In this study, we combined AlphaFold-based atomistic structural modeling, microsecond molecular simulations, mutational profiling, and network analysis to characterize binding mechanisms of the SARS-CoV-2 spike protein with the host receptor ACE2 for a series of Omicron XBB variants including XBB.1.5, XBB.1.5+L455F, XBB.1.5+F456L, and XBB.1.5+L455F+F456L. AlphaFold-based structural and dynamic modeling of SARS-CoV-2 Spike XBB lineages can accurately predict the experimental structures and characterize conformational ensembles of the spike protein complexes with the ACE2. Microsecond molecular dynamics simulations identified important differences in the conformational landscapes and equilibrium ensembles of the XBB variants, suggesting that combining AlphaFold predictions of multiple conformations with molecular dynamics simulations can provide a complementary approach for the characterization of functional protein states and binding mechanisms. Using the ensemble-based mutational profiling of protein residues and physics-based rigorous calculations of binding affinities, we identified binding energy hotspots and characterized the molecular basis underlying epistatic couplings between convergent mutational hotspots. Consistent with the experiments, the results revealed the mediating role of the Q493 hotspot in the synchronization of epistatic couplings between L455F and F456L mutations, providing a quantitative insight into the energetic determinants underlying binding differences between XBB lineages. We also proposed a network-based perturbation approach for mutational profiling of allosteric communications and uncovered the important relationships between allosteric centers mediating long-range communication and binding hotspots of epistatic couplings. The results of this study support a mechanism in which the binding mechanisms of the XBB variants may be determined by epistatic effects between convergent evolutionary hotspots that control ACE2 binding.

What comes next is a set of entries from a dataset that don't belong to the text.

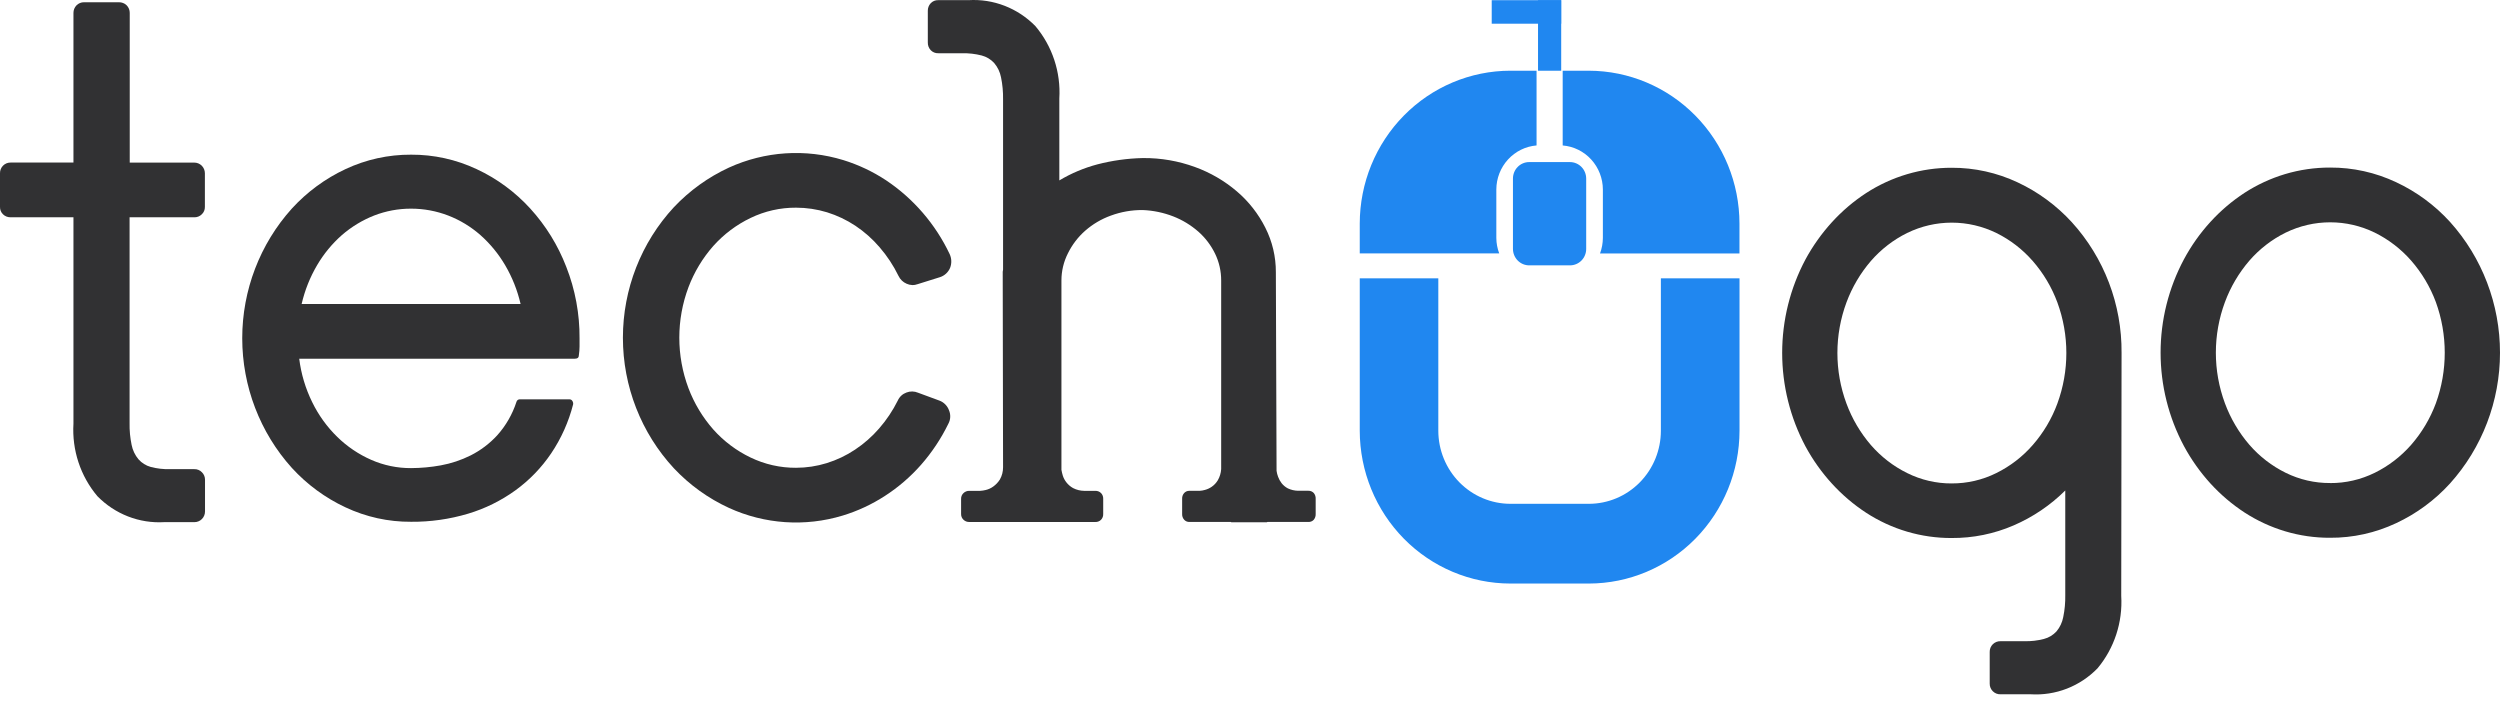 <svg width="160" height="45" viewBox="0 0 160 45" fill="none" xmlns="http://www.w3.org/2000/svg">
<path d="M95.765 15.226V12.127C95.768 11.415 96.034 10.73 96.511 10.209C96.988 9.687 97.641 9.365 98.34 9.308V4.525H96.665C94.109 4.528 91.658 5.559 89.851 7.393C88.043 9.227 87.027 11.713 87.024 14.307V16.219H95.95C95.83 15.902 95.767 15.565 95.765 15.226Z" fill="#2087F0"/>
<path d="M101.687 4.526H100.012V9.309C100.711 9.367 101.363 9.688 101.839 10.21C102.315 10.732 102.581 11.416 102.584 12.128V15.227C102.581 15.566 102.52 15.903 102.402 16.22H111.326V14.308C111.323 11.715 110.306 9.229 108.499 7.396C106.693 5.562 104.243 4.53 101.687 4.526Z" fill="#2087F0"/>
<path d="M97.866 10.373H100.476C100.752 10.373 101.017 10.485 101.212 10.682C101.407 10.88 101.516 11.149 101.516 11.428V15.931C101.516 16.069 101.49 16.206 101.437 16.334C101.385 16.461 101.309 16.577 101.213 16.675C101.117 16.772 101.002 16.85 100.877 16.902C100.751 16.955 100.616 16.983 100.48 16.983H97.87C97.594 16.983 97.329 16.872 97.134 16.674C96.939 16.476 96.829 16.207 96.829 15.927V11.426C96.829 11.147 96.938 10.879 97.133 10.682C97.327 10.484 97.591 10.373 97.866 10.373Z" fill="#2087F0"/>
<path d="M106.296 17.812V27.565C106.296 28.806 105.81 29.996 104.946 30.873C104.081 31.751 102.908 32.244 101.685 32.244H96.663C95.44 32.242 94.269 31.748 93.404 30.871C92.54 29.994 92.053 28.805 92.052 27.565V17.812H87.024V27.565C87.027 30.159 88.044 32.645 89.851 34.479C91.659 36.313 94.109 37.344 96.665 37.347H101.691C104.246 37.343 106.696 36.311 108.503 34.477C110.309 32.644 111.326 30.158 111.329 27.565V17.812H106.296Z" fill="#2087F0"/>
<path d="M99.917 0.012H98.434V4.527H99.917V0.012Z" fill="#2087F0"/>
<path d="M99.917 0.012H95.47V1.517H99.917V0.012Z" fill="#2087F0"/>
<path d="M12.922 30.224C12.986 30.286 13.037 30.361 13.071 30.444C13.105 30.527 13.122 30.616 13.121 30.706V32.735C13.121 32.825 13.103 32.914 13.069 32.997C13.035 33.08 12.985 33.155 12.923 33.218C12.86 33.282 12.785 33.332 12.703 33.366C12.621 33.4 12.534 33.418 12.445 33.417H10.516C9.726 33.464 8.936 33.34 8.197 33.053C7.459 32.766 6.788 32.323 6.231 31.754C5.148 30.468 4.6 28.806 4.701 27.118V0.824C4.701 0.734 4.718 0.646 4.751 0.563C4.785 0.48 4.835 0.405 4.897 0.341C4.96 0.278 5.034 0.228 5.116 0.194C5.197 0.16 5.285 0.143 5.373 0.144H7.607C7.7 0.142 7.792 0.158 7.878 0.192C7.965 0.227 8.043 0.278 8.11 0.344C8.171 0.407 8.22 0.482 8.253 0.564C8.287 0.647 8.303 0.735 8.303 0.824V10.407H12.437C12.525 10.406 12.613 10.424 12.695 10.458C12.777 10.492 12.852 10.543 12.915 10.606C12.977 10.669 13.027 10.745 13.061 10.828C13.095 10.911 13.113 11 13.113 11.09V13.242C13.115 13.331 13.099 13.42 13.064 13.501C13.03 13.583 12.979 13.656 12.914 13.716C12.851 13.779 12.776 13.828 12.694 13.861C12.612 13.894 12.524 13.909 12.435 13.907H8.293V27.081C8.284 27.55 8.328 28.018 8.424 28.476C8.491 28.814 8.641 29.129 8.86 29.392C9.07 29.631 9.345 29.802 9.649 29.885C10.05 29.99 10.463 30.037 10.876 30.026H12.437C12.527 30.023 12.617 30.038 12.7 30.073C12.784 30.106 12.859 30.158 12.922 30.224Z" fill="#313133"/>
<path d="M26.309 9.899C27.758 9.891 29.191 10.207 30.506 10.825C31.802 11.428 32.968 12.284 33.936 13.346C34.928 14.433 35.71 15.7 36.242 17.08C36.814 18.536 37.102 20.09 37.091 21.658V22.163C37.09 22.355 37.075 22.546 37.047 22.736C37.047 22.886 36.959 22.958 36.786 22.958H19.15C19.27 23.927 19.552 24.869 19.983 25.743C20.388 26.573 20.931 27.325 21.589 27.966C22.22 28.582 22.955 29.078 23.758 29.43C24.562 29.784 25.43 29.963 26.306 29.959C26.944 29.956 27.579 29.898 28.207 29.784C28.872 29.663 29.517 29.448 30.124 29.145C30.761 28.823 31.337 28.388 31.823 27.859C32.374 27.244 32.792 26.518 33.05 25.729C33.061 25.675 33.093 25.627 33.138 25.595C33.183 25.563 33.238 25.549 33.292 25.557H36.44C36.479 25.555 36.517 25.564 36.551 25.583C36.585 25.602 36.614 25.63 36.633 25.664C36.654 25.696 36.669 25.732 36.677 25.77C36.685 25.808 36.685 25.848 36.678 25.886C36.392 27.002 35.918 28.06 35.277 29.012C34.657 29.931 33.882 30.732 32.989 31.38C32.067 32.046 31.041 32.552 29.955 32.877C28.771 33.23 27.542 33.404 26.308 33.394C24.858 33.403 23.423 33.087 22.108 32.468C20.814 31.864 19.65 31.007 18.681 29.948C16.637 27.681 15.503 24.719 15.503 21.647C15.503 18.574 16.637 15.613 18.681 13.346C19.65 12.286 20.814 11.43 22.108 10.825C23.424 10.207 24.858 9.891 26.309 9.899ZM33.318 19.457C33.116 18.584 32.784 17.748 32.332 16.977C31.907 16.252 31.373 15.601 30.748 15.046C30.138 14.509 29.439 14.085 28.685 13.794C27.925 13.502 27.119 13.353 26.306 13.354C25.499 13.352 24.697 13.501 23.943 13.794C23.191 14.09 22.493 14.514 21.88 15.046C21.253 15.599 20.718 16.249 20.293 16.973C19.84 17.743 19.507 18.58 19.305 19.454L33.318 19.457Z" fill="#313133"/>
<path d="M60.736 26.259C60.795 26.396 60.821 26.545 60.814 26.695C60.807 26.844 60.766 26.99 60.694 27.121C60.23 28.071 59.643 28.954 58.948 29.746C58.273 30.512 57.497 31.182 56.642 31.734C55.8 32.281 54.887 32.706 53.93 32.997C51.524 33.726 48.939 33.551 46.65 32.505C45.328 31.897 44.133 31.037 43.131 29.972C41.033 27.71 39.866 24.721 39.866 21.616C39.866 18.51 41.033 15.521 43.131 13.259C44.135 12.196 45.329 11.337 46.65 10.727C48.955 9.676 51.557 9.505 53.976 10.247C54.943 10.546 55.864 10.982 56.711 11.541C58.464 12.713 59.87 14.346 60.78 16.266C60.843 16.404 60.878 16.553 60.882 16.704C60.886 16.856 60.86 17.007 60.804 17.148C60.744 17.288 60.654 17.414 60.541 17.517C60.428 17.619 60.295 17.696 60.15 17.741L58.739 18.183C58.624 18.227 58.502 18.248 58.379 18.243C58.257 18.239 58.136 18.21 58.024 18.159C57.795 18.062 57.609 17.882 57.502 17.654C57.18 16.994 56.775 16.38 56.296 15.826C55.844 15.297 55.322 14.834 54.746 14.449C54.184 14.077 53.573 13.787 52.931 13.587C52.288 13.391 51.62 13.291 50.947 13.291C49.94 13.285 48.945 13.51 48.035 13.95C47.134 14.382 46.325 14.99 45.654 15.739C44.969 16.515 44.429 17.411 44.061 18.384C43.281 20.464 43.281 22.763 44.061 24.843C44.429 25.816 44.969 26.713 45.654 27.49C46.324 28.24 47.133 28.848 48.035 29.28C48.945 29.719 49.94 29.944 50.947 29.938C51.613 29.937 52.275 29.837 52.911 29.64C53.552 29.441 54.162 29.151 54.722 28.778C55.293 28.398 55.811 27.943 56.262 27.424C56.734 26.883 57.135 26.284 57.456 25.64C57.509 25.52 57.586 25.412 57.681 25.323C57.776 25.234 57.889 25.166 58.011 25.122C58.252 25.027 58.52 25.032 58.758 25.135L60.127 25.64C60.267 25.692 60.393 25.775 60.498 25.882C60.603 25.989 60.685 26.117 60.736 26.259Z" fill="#313133"/>
<path d="M84.082 31.553C84.166 31.656 84.21 31.788 84.203 31.922V32.894C84.21 33.028 84.166 33.16 84.082 33.263C84.04 33.309 83.989 33.345 83.933 33.369C83.876 33.394 83.815 33.406 83.754 33.405H81.128C81.112 33.405 81.1 33.405 81.095 33.417C81.085 33.425 81.072 33.429 81.059 33.427H78.826C78.82 33.428 78.814 33.428 78.809 33.426C78.803 33.424 78.798 33.421 78.793 33.417C78.789 33.413 78.784 33.41 78.778 33.407C78.772 33.405 78.766 33.404 78.759 33.405H76.114C76.053 33.406 75.992 33.394 75.935 33.37C75.879 33.345 75.828 33.309 75.787 33.263C75.697 33.162 75.65 33.03 75.657 32.894V31.922C75.65 31.787 75.697 31.654 75.787 31.553C75.828 31.508 75.879 31.472 75.936 31.447C75.992 31.423 76.053 31.411 76.114 31.412H76.786C76.896 31.405 77.005 31.386 77.11 31.356C77.266 31.315 77.413 31.248 77.546 31.157C77.705 31.047 77.839 30.905 77.939 30.739C78.065 30.521 78.139 30.275 78.155 30.023V17.956C78.158 17.359 78.024 16.769 77.764 16.233C77.501 15.694 77.135 15.213 76.688 14.819C76.215 14.407 75.677 14.079 75.095 13.852C74.469 13.608 73.808 13.47 73.138 13.443H73.119C72.428 13.438 71.741 13.559 71.092 13.799C70.49 14.016 69.933 14.344 69.45 14.768C68.992 15.171 68.618 15.662 68.347 16.212C68.073 16.752 67.93 17.351 67.932 17.959V30.07C67.953 30.194 67.982 30.318 68.019 30.439C68.069 30.595 68.146 30.741 68.247 30.869C68.365 31.02 68.511 31.146 68.678 31.238C68.898 31.351 69.141 31.411 69.387 31.414H70.102C70.168 31.412 70.235 31.423 70.298 31.447C70.36 31.471 70.417 31.508 70.466 31.556C70.513 31.604 70.549 31.662 70.573 31.725C70.597 31.789 70.608 31.857 70.605 31.925V32.896C70.608 32.964 70.597 33.032 70.573 33.096C70.549 33.16 70.513 33.217 70.466 33.266C70.418 33.314 70.361 33.351 70.298 33.375C70.236 33.4 70.169 33.411 70.102 33.407H62.03C61.895 33.411 61.764 33.36 61.666 33.266C61.615 33.219 61.575 33.162 61.548 33.099C61.521 33.035 61.508 32.966 61.51 32.896V31.925C61.508 31.856 61.521 31.787 61.548 31.723C61.575 31.659 61.615 31.602 61.666 31.556C61.764 31.462 61.895 31.412 62.03 31.414H62.726C62.849 31.407 62.971 31.389 63.09 31.359C63.262 31.317 63.424 31.243 63.568 31.139C63.736 31.018 63.88 30.866 63.992 30.69C64.129 30.449 64.199 30.174 64.196 29.896L64.174 17.389C64.175 17.367 64.179 17.345 64.186 17.324C64.194 17.302 64.197 17.279 64.196 17.256V6.358C64.204 5.885 64.161 5.413 64.066 4.95C64.001 4.612 63.851 4.297 63.63 4.036C63.414 3.8 63.136 3.631 62.828 3.551C62.423 3.447 62.007 3.399 61.589 3.407H60.05C59.959 3.411 59.87 3.395 59.786 3.361C59.703 3.327 59.627 3.276 59.564 3.21C59.441 3.077 59.374 2.9 59.38 2.717V0.692C59.376 0.513 59.442 0.339 59.564 0.209C59.626 0.143 59.702 0.09 59.785 0.056C59.869 0.022 59.959 0.006 60.05 0.01H61.982C62.772 -0.038 63.563 0.086 64.302 0.373C65.04 0.66 65.71 1.103 66.267 1.673C67.349 2.958 67.898 4.619 67.797 6.307V11.546C68.556 11.093 69.373 10.748 70.224 10.522C71.174 10.275 72.149 10.138 73.129 10.116H73.178C74.301 10.108 75.418 10.302 76.475 10.688C77.455 11.042 78.366 11.571 79.162 12.251C79.916 12.894 80.535 13.684 80.982 14.574C81.429 15.457 81.66 16.435 81.655 17.427L81.7 30.134C81.718 30.265 81.752 30.394 81.799 30.518C81.853 30.665 81.928 30.803 82.024 30.926C82.133 31.064 82.271 31.177 82.426 31.258C82.628 31.352 82.846 31.403 83.068 31.409H83.741C83.804 31.407 83.868 31.419 83.926 31.444C83.985 31.469 84.038 31.506 84.082 31.553Z" fill="#313133"/>
<path d="M135.78 22.681L135.759 38.137C135.86 39.823 135.316 41.483 134.241 42.773C133.686 43.343 133.018 43.786 132.28 44.073C131.543 44.359 130.753 44.482 129.965 44.434H128.035C127.943 44.438 127.851 44.423 127.766 44.389C127.68 44.355 127.602 44.303 127.537 44.237C127.474 44.174 127.424 44.099 127.39 44.015C127.356 43.932 127.339 43.843 127.341 43.752V41.727C127.338 41.636 127.355 41.545 127.388 41.46C127.422 41.375 127.473 41.298 127.537 41.234C127.603 41.169 127.68 41.118 127.766 41.084C127.851 41.05 127.943 41.034 128.035 41.037H129.577C129.993 41.047 130.408 40.998 130.811 40.893C131.12 40.814 131.4 40.645 131.617 40.408C131.835 40.146 131.983 39.831 132.047 39.495C132.142 39.032 132.186 38.559 132.177 38.086V31.391C131.223 32.337 130.103 33.095 128.874 33.625C127.621 34.167 126.271 34.441 124.909 34.433C122.968 34.441 121.065 33.879 119.431 32.815C118.629 32.291 117.895 31.666 117.247 30.955C116.586 30.232 116.016 29.429 115.548 28.564C114.571 26.727 114.059 24.673 114.059 22.585C114.059 20.498 114.571 18.444 115.548 16.607C116.016 15.743 116.587 14.94 117.247 14.216C117.895 13.505 118.629 12.88 119.431 12.357C121.067 11.296 122.968 10.733 124.909 10.737C126.368 10.731 127.81 11.051 129.133 11.674C130.438 12.284 131.613 13.148 132.592 14.216C134.666 16.494 135.806 19.488 135.78 22.588V22.677V22.681ZM124.909 30.939C125.899 30.944 126.877 30.717 127.767 30.275C128.651 29.839 129.442 29.23 130.094 28.483C130.776 27.704 131.311 26.804 131.671 25.829C132.438 23.741 132.438 21.442 131.671 19.354C131.31 18.38 130.775 17.481 130.094 16.703C129.442 15.956 128.651 15.347 127.767 14.911C126.876 14.475 125.9 14.249 124.912 14.249C123.923 14.249 122.948 14.475 122.057 14.911C121.174 15.346 120.386 15.956 119.737 16.703C119.064 17.485 118.534 18.383 118.174 19.354C117.4 21.441 117.4 23.742 118.174 25.829C118.534 26.802 119.063 27.701 119.737 28.483C120.386 29.23 121.174 29.84 122.057 30.275C122.945 30.717 123.921 30.945 124.91 30.94L124.909 30.939Z" fill="#313133"/>
<path d="M149.125 10.724C150.585 10.717 152.028 11.037 153.352 11.661C154.656 12.27 155.828 13.134 156.803 14.204C158.86 16.491 160 19.476 160 22.572C160 25.668 158.86 28.653 156.803 30.94C155.829 32.01 154.656 32.874 153.352 33.483C152.028 34.106 150.585 34.425 149.125 34.417C148.149 34.421 147.177 34.281 146.241 34C145.327 33.725 144.454 33.321 143.65 32.8C142.848 32.276 142.115 31.651 141.466 30.94C140.808 30.216 140.239 29.413 139.773 28.549C138.792 26.714 138.278 24.659 138.278 22.571C138.278 20.483 138.792 18.429 139.773 16.594C140.238 15.728 140.806 14.925 141.466 14.203C142.114 13.491 142.848 12.866 143.65 12.342C144.454 11.822 145.326 11.418 146.241 11.143C147.177 10.863 148.149 10.722 149.125 10.724ZM149.125 30.917C150.116 30.923 151.095 30.697 151.985 30.258C152.871 29.821 153.663 29.212 154.318 28.465C154.998 27.685 155.532 26.786 155.895 25.812C156.653 23.721 156.653 21.425 155.895 19.334C155.532 18.361 154.998 17.462 154.318 16.683C153.663 15.936 152.871 15.326 151.985 14.888C151.096 14.454 150.121 14.228 149.134 14.228C148.146 14.228 147.172 14.454 146.282 14.888C145.398 15.324 144.608 15.935 143.959 16.683C143.286 17.465 142.756 18.363 142.396 19.334C141.621 21.422 141.621 23.724 142.396 25.812C142.756 26.784 143.286 27.682 143.959 28.465C144.608 29.213 145.398 29.823 146.282 30.258C147.168 30.695 148.141 30.92 149.125 30.914V30.917Z" fill="#313133"/>
<path d="M0.677 10.404H4.82V13.906H0.677C0.588 13.908 0.499 13.893 0.416 13.86C0.333 13.827 0.256 13.778 0.192 13.715C0.129 13.654 0.079 13.581 0.046 13.499C0.013 13.417 -0.003 13.329 0 13.241V11.089C-0.002 10.999 0.014 10.91 0.047 10.826C0.08 10.743 0.13 10.667 0.192 10.604C0.255 10.539 0.331 10.488 0.415 10.453C0.498 10.419 0.587 10.402 0.677 10.404Z" fill="#313133"/>
</svg>

在这项研究中,我们结合了基于 AlphaFold 的原子结构建模、微秒分子模拟、突变分析和网络分析,以表征一系列奥密克戎 XBB 变体(包括 XBB.1.5、XBB.1.5+L455F、XBB.1.5+F456L 和 XBB.1.5+L455F+F456L)中 SARS-CoV-2 刺突蛋白与宿主受体 ACE2 的结合机制。基于 AlphaFold 的 SARS-CoV-2 刺突 XBB 谱系的结构和动态建模可以准确预测实验结构,并描绘刺突蛋白与 ACE2 复合物的构象集合。微秒分子动力学模拟确定了 XBB 变体构象景观和平衡集合的重要差异,这表明结合 AlphaFold 对多种构象的预测和分子动力学模拟可以为功能蛋白状态和结合机制的表征提供一种互补方法。使用基于集合的蛋白质残基突变分析和基于物理的结合亲和力严格计算,我们确定了结合能热点,并描绘了趋同突变热点之间上位性耦合的分子基础。与实验结果一致的是,结果揭示了 Q493 热点在 L455F 和 F456L 突变之间上位性耦合同步中的介导作用,为 XBB 谱系之间结合差异的能量决定因素提供了定量见解。我们还提出了一种基于网络的变构通讯突变分析方法,并揭示了介导长程通讯的变构中心与上位性耦合结合热点之间的重要关系。这项研究的结果支持了这样一种机制,即 XBB 变体的结合机制可能由控制 ACE2 结合的趋同进化热点之间的上位性效应决定。